Stored items:
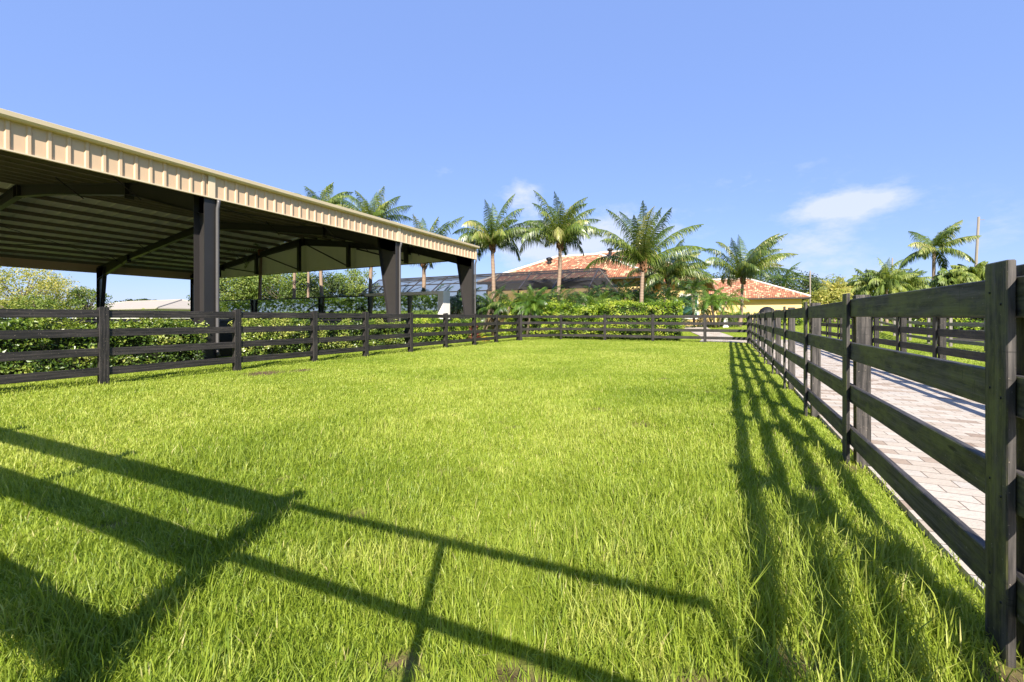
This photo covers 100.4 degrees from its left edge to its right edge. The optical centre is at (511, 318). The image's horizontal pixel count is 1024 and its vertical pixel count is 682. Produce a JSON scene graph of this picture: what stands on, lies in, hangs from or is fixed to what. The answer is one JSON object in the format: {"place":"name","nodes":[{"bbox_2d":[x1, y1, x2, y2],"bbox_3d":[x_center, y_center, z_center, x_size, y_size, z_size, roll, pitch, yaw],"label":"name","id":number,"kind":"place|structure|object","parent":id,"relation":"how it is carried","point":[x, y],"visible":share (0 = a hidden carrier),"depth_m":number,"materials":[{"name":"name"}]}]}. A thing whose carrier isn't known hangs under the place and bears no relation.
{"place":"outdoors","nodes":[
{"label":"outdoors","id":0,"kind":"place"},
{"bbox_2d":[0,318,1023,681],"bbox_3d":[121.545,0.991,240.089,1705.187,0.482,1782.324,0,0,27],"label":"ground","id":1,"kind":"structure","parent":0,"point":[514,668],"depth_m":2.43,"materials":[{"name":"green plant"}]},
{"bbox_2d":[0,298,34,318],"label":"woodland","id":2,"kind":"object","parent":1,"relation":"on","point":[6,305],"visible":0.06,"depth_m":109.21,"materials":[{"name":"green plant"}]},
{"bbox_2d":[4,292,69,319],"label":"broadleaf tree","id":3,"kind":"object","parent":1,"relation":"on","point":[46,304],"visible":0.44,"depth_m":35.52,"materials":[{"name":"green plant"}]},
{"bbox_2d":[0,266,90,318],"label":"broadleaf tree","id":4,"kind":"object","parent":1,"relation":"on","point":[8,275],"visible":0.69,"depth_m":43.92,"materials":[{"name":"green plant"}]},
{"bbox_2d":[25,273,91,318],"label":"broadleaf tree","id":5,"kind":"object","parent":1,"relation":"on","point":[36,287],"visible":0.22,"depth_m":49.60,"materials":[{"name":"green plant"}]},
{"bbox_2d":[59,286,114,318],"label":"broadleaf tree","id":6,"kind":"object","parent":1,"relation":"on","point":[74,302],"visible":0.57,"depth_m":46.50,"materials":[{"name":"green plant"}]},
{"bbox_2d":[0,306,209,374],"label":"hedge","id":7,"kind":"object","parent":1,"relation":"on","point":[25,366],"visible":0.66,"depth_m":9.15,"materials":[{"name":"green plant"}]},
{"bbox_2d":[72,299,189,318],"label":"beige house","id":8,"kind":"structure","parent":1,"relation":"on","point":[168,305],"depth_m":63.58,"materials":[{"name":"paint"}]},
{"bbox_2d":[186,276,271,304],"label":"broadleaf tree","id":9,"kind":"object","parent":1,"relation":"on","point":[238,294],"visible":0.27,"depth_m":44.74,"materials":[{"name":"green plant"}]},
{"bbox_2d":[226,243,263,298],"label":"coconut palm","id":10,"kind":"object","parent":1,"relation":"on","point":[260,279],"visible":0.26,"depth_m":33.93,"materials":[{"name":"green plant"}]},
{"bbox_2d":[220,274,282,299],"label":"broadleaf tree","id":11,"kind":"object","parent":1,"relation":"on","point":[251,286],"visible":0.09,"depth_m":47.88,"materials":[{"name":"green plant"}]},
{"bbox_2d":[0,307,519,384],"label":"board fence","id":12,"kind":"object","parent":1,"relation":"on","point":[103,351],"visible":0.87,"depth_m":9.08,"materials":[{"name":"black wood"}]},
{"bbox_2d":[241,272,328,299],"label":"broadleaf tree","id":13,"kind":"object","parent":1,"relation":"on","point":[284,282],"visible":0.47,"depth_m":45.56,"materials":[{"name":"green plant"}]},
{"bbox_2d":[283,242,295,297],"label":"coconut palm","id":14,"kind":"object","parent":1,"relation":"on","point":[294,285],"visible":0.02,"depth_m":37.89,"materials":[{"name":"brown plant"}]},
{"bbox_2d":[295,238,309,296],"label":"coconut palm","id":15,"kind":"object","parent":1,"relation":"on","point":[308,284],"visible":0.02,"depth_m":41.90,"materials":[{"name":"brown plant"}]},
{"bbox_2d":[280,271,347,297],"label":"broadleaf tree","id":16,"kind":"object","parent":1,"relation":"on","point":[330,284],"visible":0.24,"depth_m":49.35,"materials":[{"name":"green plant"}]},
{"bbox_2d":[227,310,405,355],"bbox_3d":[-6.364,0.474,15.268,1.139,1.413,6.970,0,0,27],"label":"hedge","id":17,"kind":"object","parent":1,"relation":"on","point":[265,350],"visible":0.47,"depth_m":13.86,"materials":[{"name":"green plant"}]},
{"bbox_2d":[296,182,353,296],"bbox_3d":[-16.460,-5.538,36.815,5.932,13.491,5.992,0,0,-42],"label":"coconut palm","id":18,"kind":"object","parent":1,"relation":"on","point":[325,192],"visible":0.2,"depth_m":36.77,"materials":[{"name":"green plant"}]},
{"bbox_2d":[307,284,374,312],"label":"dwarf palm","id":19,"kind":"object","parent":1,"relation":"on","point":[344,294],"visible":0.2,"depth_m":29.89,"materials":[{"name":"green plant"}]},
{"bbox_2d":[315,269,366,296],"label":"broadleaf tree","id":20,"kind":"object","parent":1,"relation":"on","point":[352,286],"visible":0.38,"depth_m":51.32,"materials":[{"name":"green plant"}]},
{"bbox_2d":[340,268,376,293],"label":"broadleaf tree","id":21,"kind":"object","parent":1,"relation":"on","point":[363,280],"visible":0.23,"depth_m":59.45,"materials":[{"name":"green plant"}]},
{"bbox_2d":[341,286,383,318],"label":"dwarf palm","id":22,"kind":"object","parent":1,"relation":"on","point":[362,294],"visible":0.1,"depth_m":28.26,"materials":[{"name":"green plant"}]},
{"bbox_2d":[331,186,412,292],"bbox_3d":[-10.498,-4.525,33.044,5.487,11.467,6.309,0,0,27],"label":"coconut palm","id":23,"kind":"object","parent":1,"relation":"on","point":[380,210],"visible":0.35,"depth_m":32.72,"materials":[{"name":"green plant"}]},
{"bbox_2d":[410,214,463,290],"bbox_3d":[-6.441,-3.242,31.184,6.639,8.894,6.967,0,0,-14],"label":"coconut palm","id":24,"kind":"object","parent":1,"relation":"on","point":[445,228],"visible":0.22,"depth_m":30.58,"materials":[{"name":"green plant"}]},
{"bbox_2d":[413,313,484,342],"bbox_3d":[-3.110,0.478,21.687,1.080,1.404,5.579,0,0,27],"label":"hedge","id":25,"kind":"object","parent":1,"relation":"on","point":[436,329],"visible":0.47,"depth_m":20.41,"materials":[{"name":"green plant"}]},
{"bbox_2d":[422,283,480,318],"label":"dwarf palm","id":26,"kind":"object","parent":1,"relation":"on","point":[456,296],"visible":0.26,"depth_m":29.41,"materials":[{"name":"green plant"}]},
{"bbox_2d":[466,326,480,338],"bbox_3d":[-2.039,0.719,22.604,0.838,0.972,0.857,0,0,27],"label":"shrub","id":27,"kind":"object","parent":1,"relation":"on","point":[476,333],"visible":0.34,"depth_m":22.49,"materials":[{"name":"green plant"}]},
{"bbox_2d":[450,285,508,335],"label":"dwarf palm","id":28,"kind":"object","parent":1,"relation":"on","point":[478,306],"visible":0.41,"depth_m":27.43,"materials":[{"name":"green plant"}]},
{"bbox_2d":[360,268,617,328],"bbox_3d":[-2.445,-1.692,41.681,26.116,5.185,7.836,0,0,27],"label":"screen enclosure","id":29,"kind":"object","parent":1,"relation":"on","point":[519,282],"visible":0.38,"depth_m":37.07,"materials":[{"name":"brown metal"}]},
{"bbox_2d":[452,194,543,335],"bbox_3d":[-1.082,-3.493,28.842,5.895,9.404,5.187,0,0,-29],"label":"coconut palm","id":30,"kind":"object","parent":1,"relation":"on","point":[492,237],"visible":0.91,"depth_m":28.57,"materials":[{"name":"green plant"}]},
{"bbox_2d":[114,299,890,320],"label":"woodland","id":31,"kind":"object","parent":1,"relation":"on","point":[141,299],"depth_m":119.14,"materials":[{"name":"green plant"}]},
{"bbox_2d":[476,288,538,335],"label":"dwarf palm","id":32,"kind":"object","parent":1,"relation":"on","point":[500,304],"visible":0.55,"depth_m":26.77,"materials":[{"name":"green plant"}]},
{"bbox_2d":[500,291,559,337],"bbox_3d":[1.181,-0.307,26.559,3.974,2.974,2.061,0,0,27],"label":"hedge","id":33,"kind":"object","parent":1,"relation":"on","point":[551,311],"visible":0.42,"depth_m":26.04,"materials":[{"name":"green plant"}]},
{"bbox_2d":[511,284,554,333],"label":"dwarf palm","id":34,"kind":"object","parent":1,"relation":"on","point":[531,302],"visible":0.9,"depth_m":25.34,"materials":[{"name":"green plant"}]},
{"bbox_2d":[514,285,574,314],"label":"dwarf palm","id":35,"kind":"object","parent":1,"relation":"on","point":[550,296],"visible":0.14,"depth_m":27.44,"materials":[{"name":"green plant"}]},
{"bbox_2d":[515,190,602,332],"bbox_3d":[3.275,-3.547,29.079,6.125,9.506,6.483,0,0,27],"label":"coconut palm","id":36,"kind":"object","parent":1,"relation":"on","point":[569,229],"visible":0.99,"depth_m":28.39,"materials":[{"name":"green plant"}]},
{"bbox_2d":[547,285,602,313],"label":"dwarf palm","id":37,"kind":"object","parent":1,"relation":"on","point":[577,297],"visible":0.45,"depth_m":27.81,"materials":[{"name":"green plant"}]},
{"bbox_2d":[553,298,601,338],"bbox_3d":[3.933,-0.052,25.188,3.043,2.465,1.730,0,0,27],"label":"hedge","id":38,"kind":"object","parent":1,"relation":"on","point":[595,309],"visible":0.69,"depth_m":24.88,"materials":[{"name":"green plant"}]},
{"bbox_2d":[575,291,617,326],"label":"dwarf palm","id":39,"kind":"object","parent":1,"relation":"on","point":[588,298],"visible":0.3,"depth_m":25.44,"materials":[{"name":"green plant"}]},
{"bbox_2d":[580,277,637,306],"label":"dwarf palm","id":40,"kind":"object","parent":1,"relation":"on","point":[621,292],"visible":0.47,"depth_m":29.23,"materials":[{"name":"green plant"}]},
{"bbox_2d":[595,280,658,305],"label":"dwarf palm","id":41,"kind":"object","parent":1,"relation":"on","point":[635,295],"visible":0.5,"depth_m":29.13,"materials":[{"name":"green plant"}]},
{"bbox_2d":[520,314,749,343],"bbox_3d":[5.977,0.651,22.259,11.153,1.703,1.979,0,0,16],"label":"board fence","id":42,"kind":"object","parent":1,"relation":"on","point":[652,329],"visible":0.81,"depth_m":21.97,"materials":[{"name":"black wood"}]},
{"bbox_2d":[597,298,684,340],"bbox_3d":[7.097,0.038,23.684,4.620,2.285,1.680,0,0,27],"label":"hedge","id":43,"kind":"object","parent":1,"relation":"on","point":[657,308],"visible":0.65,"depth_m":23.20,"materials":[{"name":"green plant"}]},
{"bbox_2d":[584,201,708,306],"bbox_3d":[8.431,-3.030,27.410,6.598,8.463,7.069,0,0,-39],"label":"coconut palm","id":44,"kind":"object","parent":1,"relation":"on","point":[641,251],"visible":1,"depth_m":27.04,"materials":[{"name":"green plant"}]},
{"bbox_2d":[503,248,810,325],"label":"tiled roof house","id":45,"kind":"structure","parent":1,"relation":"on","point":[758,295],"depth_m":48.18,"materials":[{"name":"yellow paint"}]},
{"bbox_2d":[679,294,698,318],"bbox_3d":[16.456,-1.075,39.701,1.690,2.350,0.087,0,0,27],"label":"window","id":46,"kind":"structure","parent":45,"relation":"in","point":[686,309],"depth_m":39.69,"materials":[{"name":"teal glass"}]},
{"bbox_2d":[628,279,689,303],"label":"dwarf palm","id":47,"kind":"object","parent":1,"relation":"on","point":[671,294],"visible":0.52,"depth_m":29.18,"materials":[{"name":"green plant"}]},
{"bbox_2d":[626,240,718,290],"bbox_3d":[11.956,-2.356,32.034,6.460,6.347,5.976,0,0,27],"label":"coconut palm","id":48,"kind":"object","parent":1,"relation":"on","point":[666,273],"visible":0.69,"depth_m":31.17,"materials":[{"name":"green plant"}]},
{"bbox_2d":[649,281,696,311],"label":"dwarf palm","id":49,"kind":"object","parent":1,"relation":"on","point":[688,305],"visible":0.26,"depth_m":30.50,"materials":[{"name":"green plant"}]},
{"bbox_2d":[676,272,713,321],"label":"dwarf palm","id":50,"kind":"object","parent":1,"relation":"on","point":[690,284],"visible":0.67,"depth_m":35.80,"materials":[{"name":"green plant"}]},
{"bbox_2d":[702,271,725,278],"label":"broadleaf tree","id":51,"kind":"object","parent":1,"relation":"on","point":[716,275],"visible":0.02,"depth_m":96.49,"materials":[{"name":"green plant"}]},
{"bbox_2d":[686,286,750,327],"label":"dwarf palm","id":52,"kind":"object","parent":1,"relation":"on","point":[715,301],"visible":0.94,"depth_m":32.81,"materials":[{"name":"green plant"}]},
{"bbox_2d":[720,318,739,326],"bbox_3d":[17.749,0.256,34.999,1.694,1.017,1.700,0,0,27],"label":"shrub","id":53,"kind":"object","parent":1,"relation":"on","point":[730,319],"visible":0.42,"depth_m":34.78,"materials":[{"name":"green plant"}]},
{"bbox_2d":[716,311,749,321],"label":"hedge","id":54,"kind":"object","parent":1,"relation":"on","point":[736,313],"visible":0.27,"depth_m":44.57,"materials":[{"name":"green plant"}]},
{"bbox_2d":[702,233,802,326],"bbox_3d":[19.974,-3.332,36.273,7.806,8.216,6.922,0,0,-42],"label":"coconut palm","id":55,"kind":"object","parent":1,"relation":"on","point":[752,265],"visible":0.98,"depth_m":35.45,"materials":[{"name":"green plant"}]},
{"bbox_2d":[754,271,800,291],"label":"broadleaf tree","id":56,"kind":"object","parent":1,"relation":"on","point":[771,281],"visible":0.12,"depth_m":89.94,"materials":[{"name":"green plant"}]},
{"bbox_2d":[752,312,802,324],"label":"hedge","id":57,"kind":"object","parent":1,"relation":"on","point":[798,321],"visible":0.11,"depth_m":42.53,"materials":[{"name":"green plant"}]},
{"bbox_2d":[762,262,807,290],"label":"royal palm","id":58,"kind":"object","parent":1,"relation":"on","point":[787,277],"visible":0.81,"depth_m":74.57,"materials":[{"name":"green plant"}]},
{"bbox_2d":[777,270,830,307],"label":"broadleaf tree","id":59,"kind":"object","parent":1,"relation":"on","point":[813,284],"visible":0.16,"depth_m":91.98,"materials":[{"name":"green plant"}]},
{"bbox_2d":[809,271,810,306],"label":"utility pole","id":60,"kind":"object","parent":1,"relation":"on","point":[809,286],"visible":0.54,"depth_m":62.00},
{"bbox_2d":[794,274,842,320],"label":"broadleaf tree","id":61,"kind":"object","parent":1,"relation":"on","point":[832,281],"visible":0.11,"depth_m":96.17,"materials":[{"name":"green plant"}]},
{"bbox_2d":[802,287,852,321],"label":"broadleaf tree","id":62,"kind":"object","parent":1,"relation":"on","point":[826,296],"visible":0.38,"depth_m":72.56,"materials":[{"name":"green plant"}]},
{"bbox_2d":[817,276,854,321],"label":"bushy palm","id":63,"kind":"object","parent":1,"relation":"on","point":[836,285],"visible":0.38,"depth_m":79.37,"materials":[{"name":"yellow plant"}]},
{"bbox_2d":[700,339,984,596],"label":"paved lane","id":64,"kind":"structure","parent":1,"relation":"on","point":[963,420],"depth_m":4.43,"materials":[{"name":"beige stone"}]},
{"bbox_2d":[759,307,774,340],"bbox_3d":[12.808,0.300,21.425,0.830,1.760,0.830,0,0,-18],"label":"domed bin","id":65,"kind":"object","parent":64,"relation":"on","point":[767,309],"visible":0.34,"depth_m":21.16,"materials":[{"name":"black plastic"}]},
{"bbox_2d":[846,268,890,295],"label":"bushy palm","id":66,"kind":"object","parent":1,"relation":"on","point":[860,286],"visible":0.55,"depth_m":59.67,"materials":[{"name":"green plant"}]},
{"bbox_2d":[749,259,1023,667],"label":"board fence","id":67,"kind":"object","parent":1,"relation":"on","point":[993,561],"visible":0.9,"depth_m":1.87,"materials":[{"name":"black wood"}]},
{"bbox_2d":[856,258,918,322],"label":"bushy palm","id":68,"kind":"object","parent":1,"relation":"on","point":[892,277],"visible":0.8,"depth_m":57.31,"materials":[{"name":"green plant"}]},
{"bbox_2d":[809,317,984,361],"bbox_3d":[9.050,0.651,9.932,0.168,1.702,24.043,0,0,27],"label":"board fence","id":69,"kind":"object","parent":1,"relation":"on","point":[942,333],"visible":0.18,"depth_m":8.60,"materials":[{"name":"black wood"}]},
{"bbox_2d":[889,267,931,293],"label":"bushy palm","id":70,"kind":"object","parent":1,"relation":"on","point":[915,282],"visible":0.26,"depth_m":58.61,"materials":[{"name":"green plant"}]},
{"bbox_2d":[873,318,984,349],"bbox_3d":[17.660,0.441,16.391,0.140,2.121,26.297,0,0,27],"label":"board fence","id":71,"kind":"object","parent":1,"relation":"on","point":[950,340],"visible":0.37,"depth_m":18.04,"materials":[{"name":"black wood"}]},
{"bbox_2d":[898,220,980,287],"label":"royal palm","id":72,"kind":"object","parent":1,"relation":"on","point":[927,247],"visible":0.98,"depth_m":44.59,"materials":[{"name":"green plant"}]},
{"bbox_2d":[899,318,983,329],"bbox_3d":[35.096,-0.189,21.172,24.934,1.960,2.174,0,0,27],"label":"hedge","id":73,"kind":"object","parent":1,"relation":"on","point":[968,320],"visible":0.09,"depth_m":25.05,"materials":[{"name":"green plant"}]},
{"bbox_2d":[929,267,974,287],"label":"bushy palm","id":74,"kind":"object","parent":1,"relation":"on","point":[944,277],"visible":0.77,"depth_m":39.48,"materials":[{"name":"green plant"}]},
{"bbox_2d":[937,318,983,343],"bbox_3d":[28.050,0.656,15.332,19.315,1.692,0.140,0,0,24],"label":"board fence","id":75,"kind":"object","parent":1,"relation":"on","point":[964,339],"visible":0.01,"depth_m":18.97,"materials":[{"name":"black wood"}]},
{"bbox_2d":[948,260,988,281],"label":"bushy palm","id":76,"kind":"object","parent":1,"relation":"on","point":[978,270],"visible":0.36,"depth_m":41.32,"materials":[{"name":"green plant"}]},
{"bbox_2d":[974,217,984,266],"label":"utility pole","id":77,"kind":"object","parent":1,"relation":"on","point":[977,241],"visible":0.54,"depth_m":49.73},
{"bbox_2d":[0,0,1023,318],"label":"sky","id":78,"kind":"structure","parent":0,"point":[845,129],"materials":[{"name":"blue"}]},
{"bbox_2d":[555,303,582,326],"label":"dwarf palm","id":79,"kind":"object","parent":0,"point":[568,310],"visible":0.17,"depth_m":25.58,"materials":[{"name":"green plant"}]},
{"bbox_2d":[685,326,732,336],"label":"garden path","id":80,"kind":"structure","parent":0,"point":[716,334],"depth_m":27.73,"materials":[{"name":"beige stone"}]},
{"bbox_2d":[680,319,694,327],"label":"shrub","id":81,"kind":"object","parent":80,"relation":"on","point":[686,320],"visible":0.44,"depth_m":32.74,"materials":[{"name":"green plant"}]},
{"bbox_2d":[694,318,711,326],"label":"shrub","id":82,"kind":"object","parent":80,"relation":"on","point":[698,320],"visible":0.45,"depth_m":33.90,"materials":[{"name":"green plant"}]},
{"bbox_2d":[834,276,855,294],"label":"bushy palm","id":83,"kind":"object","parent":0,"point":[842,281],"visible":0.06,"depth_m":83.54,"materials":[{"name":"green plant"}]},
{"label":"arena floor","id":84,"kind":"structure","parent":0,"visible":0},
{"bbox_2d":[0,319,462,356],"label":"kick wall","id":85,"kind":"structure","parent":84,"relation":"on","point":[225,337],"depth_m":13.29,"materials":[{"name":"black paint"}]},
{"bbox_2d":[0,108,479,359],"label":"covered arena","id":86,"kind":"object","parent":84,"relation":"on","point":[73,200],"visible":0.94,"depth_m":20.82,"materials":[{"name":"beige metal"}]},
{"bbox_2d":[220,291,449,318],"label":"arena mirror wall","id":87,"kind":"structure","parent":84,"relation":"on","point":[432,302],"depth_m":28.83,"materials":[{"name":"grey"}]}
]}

**What you have to do:** Respond with a single number: the count of lines in the entries above that contain the string "arena".

**Solution for this problem:** 3